Researchers from Japan's Keio University, in collaboration with Mitsubishi Chemical Corporation, developed a new method to accelerate the design of OLED materials, using a combination of classical computing with quantum computing.
The new approach combines a 'classic' machine learning model with a quantum-classical computational molecular design. Demonstrating the new approach, the researchers discovered a highly efficient OLED emitter, a deuterated derivative of Alq3. The new emitter is not only highly efficient, it is also easy to synthesize.
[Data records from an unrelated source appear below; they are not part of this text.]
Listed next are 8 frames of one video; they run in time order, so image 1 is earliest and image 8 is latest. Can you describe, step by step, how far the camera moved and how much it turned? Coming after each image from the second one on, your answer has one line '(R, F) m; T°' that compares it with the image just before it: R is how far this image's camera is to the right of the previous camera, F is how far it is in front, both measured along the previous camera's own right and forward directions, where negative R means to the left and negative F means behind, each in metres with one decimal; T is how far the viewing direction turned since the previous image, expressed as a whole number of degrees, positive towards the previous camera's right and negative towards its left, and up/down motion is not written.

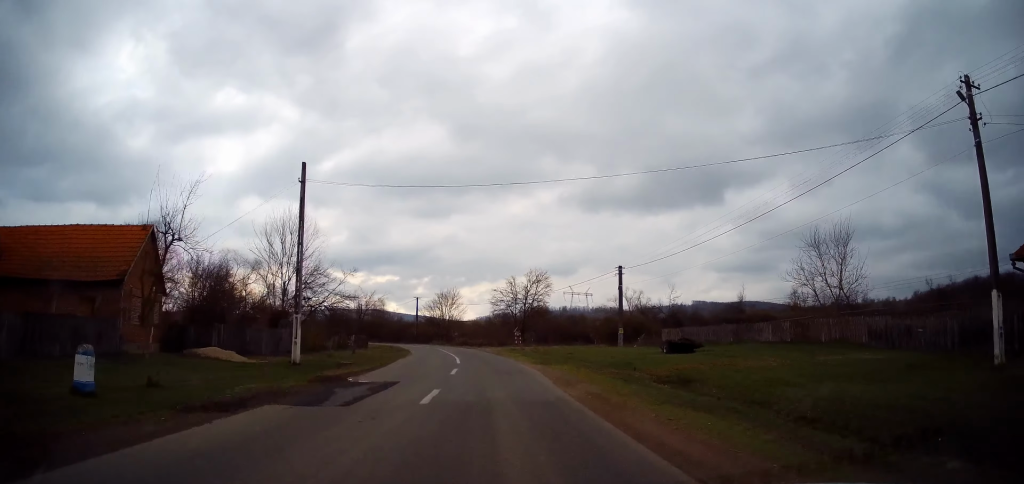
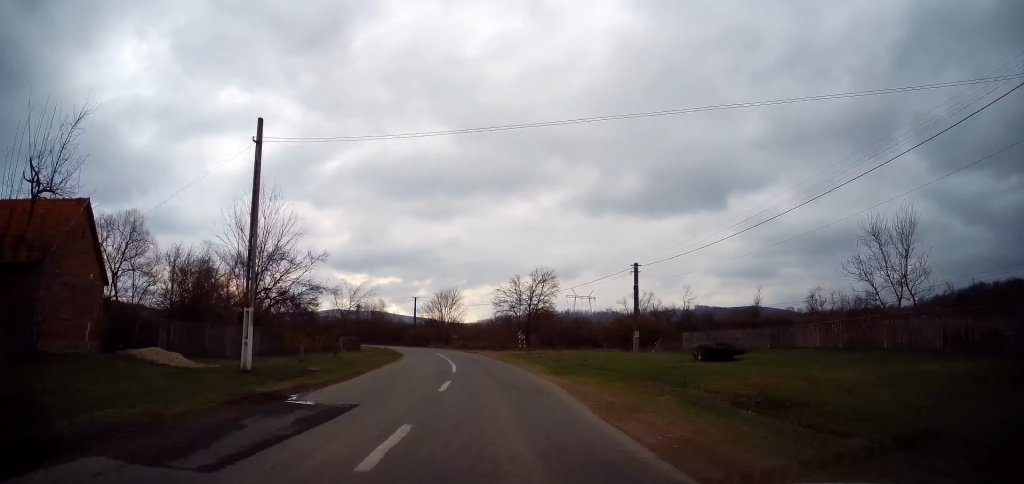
(+0.1, +4.8) m; 0°
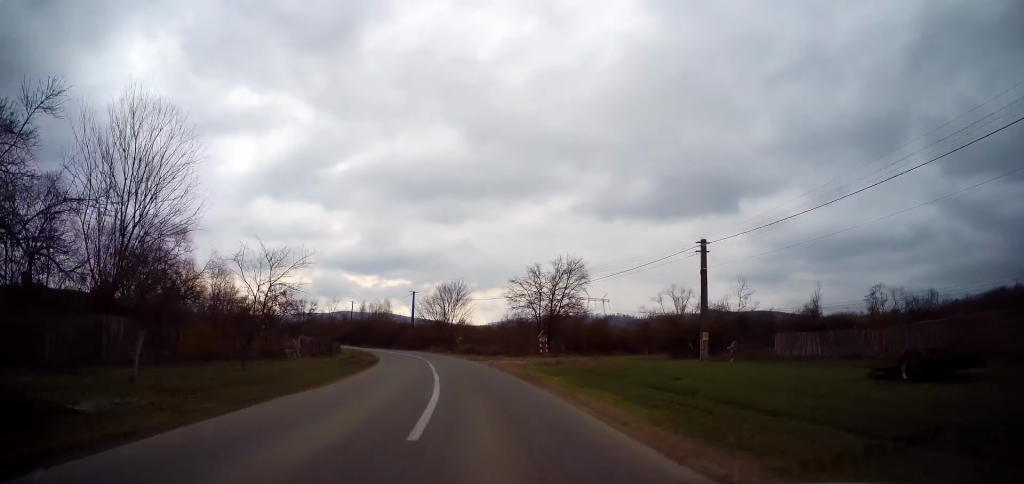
(-0.1, +13.4) m; -2°
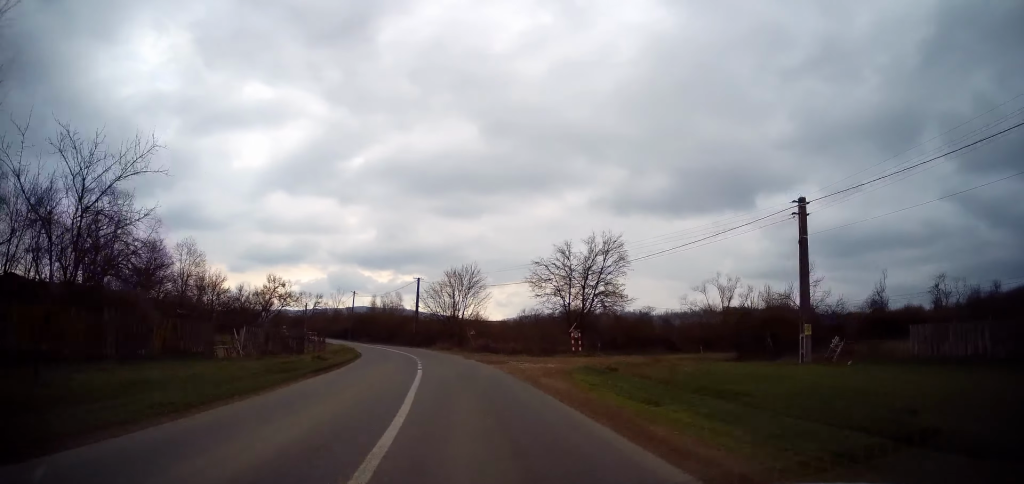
(-0.2, +10.4) m; -1°
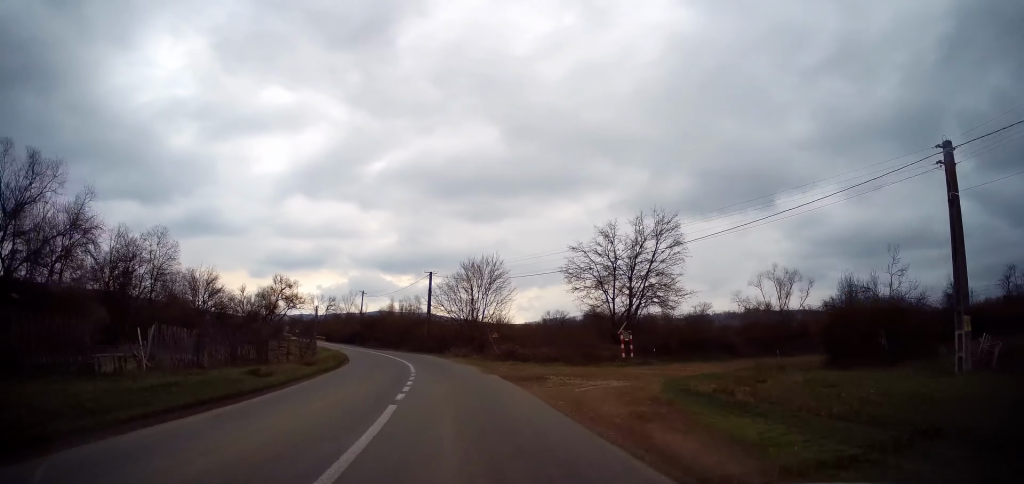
(0.0, +9.2) m; -2°
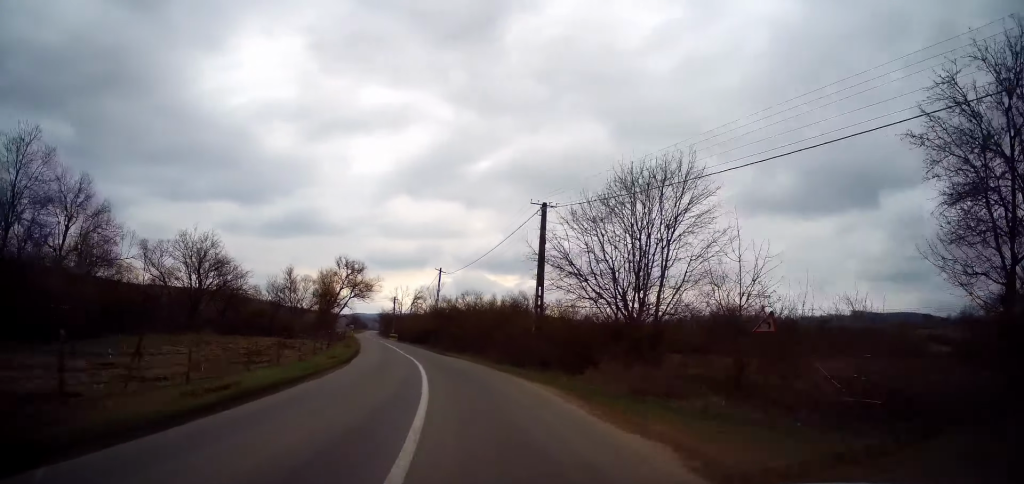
(-2.8, +27.2) m; -11°
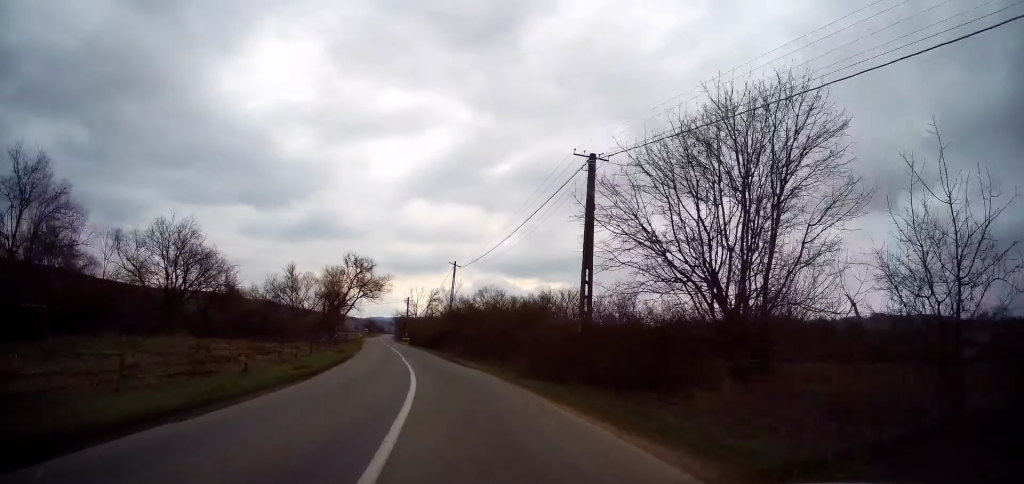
(+0.1, +7.7) m; -3°
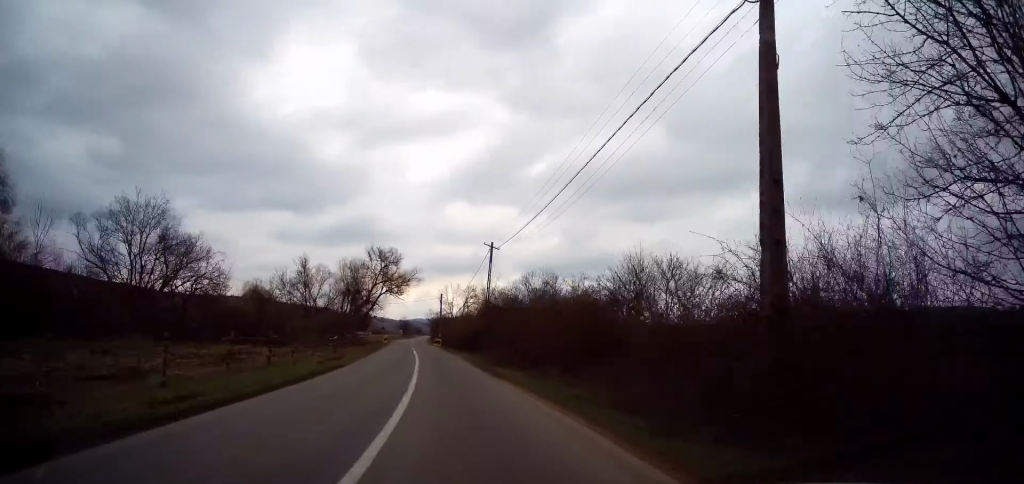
(-0.6, +10.4) m; -4°

The researchers developed a workflow that starts with quantum chemistry calculations, performed on a classical computer. This was used to obtain the "quantum efficiencies" of a set of deuterated Alq3 molecules. The information obtained is used to create training and test datasets for building a machine learning model to predict the quantum efficiencies of the different molecules.
The machine learning model is used to construct an Hamiltonian energy function of the system. Quantum optimization is then performed on a quantum computer using two quantum variational optimization algorithms—the variational quantum eigensolver (VQE) and the quantum approximate optimization algorithm (QAQA)—to aid machine learning to discover molecules with optimal quantum efficiencies. A synthetic constraint is introduced during the quantum optimization process to ensure that the optimized molecule is synthesizable.
The researchers adopted a noise-robust technique called recursive probabilistic variable elimination (RPVE), to improve the accuracy of the prediction on quantum devices.